Please use this identifier to cite or link to this item: https://zone.biblio.laurentian.ca/handle/10219/2400
Title: A highway of pollution with no boundaries: a study using lead isotope ratios in wet deposition and lichen to trace atmospheric pollution
Authors: Akerman, Tamra
Keywords: Lead;Isotopes;Pollution;Refining;northern Ontario;Coal Power
Issue Date: 27-May-2015
Publisher: Laurentian University of Sudbury
Abstract: To fingerprint lead deposition over approximately a two year timeframe, possible variationsin the sources of lead pollution over Northern Ontario was investigated by collecting snowpack, rainwater and lichen. The collection of samples was along two main transects: A West East transect between Sault Ste.
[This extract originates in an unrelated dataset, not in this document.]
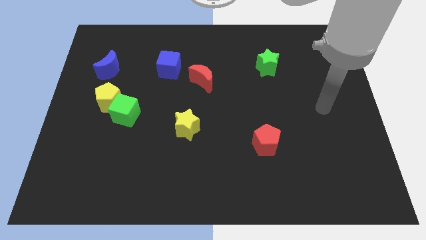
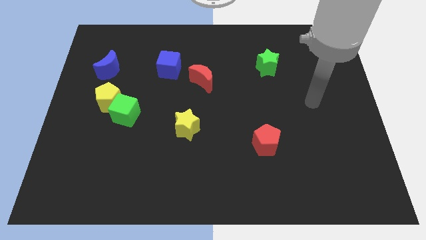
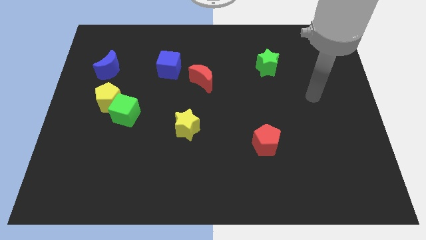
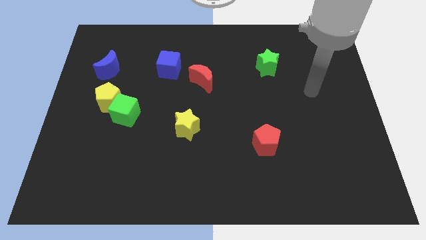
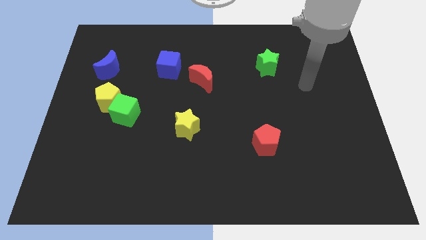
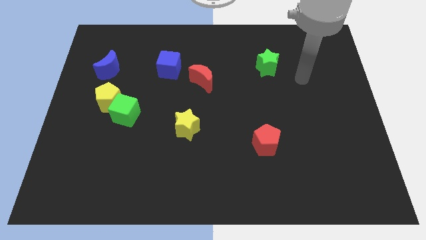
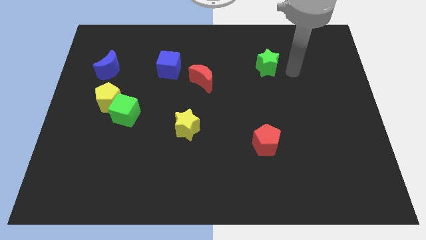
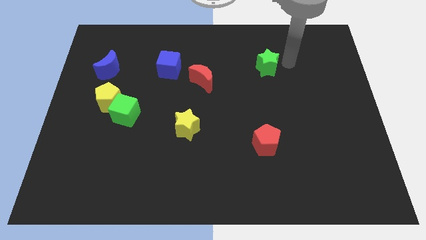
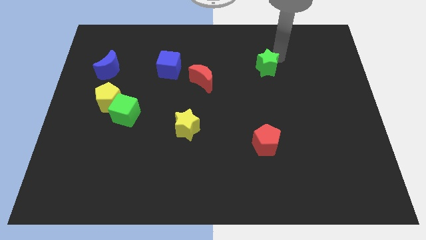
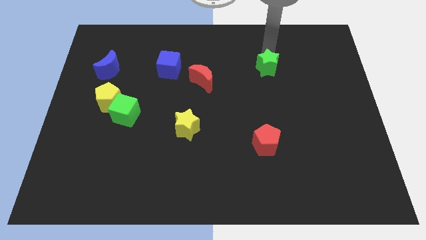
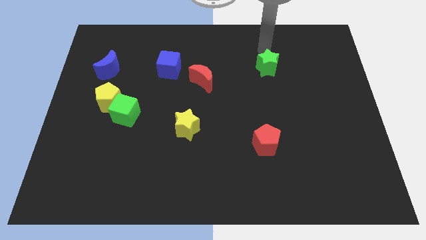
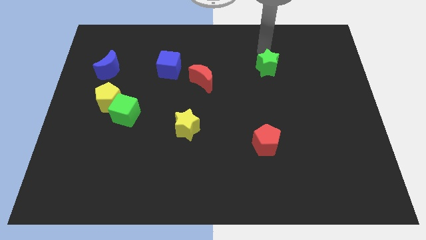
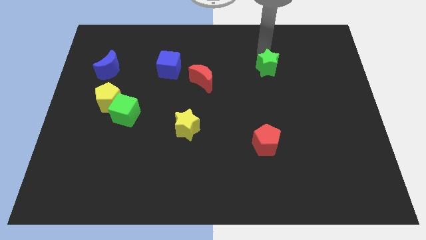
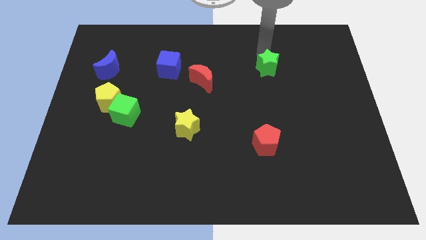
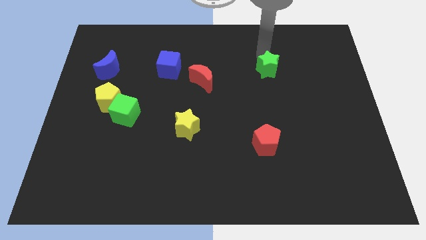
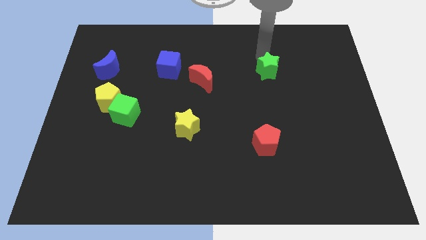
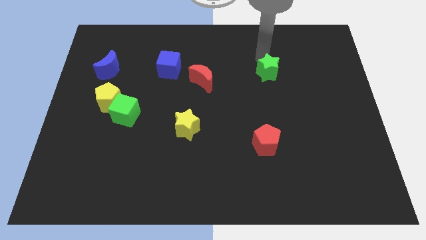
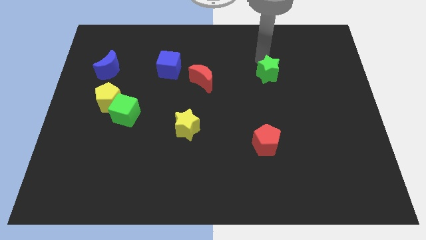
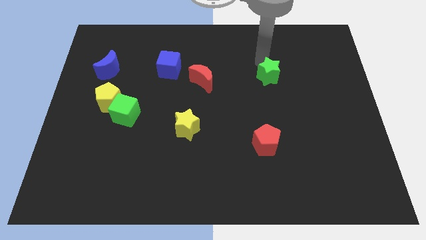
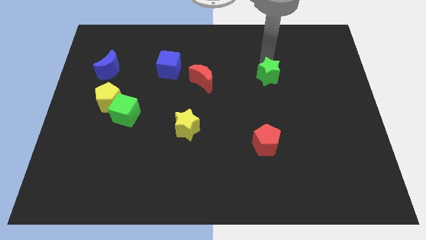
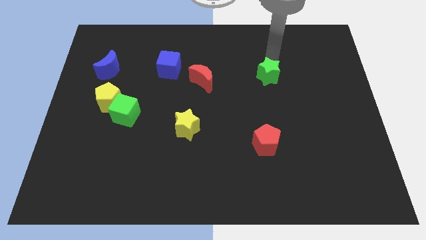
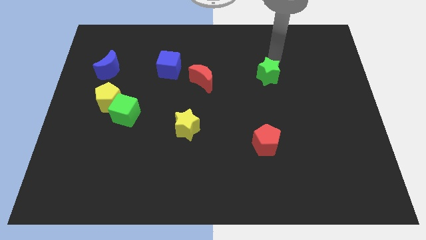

Marie and Sudbury; and a South North transect from Sudbury up through Timmins to Kapuskasing. Sample collection along these two transects was conducted during the summer of 2009 and during the Shutdown of Vale Inco’s Smelter in the winter month of January 2009. The objective was to determine if Pb anthropogenic pollution from major point sources in northern Ontario (Essar Steel Algoma, Xstrata Sudbury Smelter Operations, Xstrata Kidd Metallurgical Plant) could be traced using isotopic ratios. As a result the Pb isotope fingerprint in northern Ontario can be explained by a binary mixing of anthropogenic emissions from northern Ontario refining operations and coal fired power plant emissions that are transported with prevailing winds from the Ohio Valley. Major point sources showed distinct differences in signatures and samples that were not collected in proximity to a point source were diluted and greatly influenced by the U. S signature.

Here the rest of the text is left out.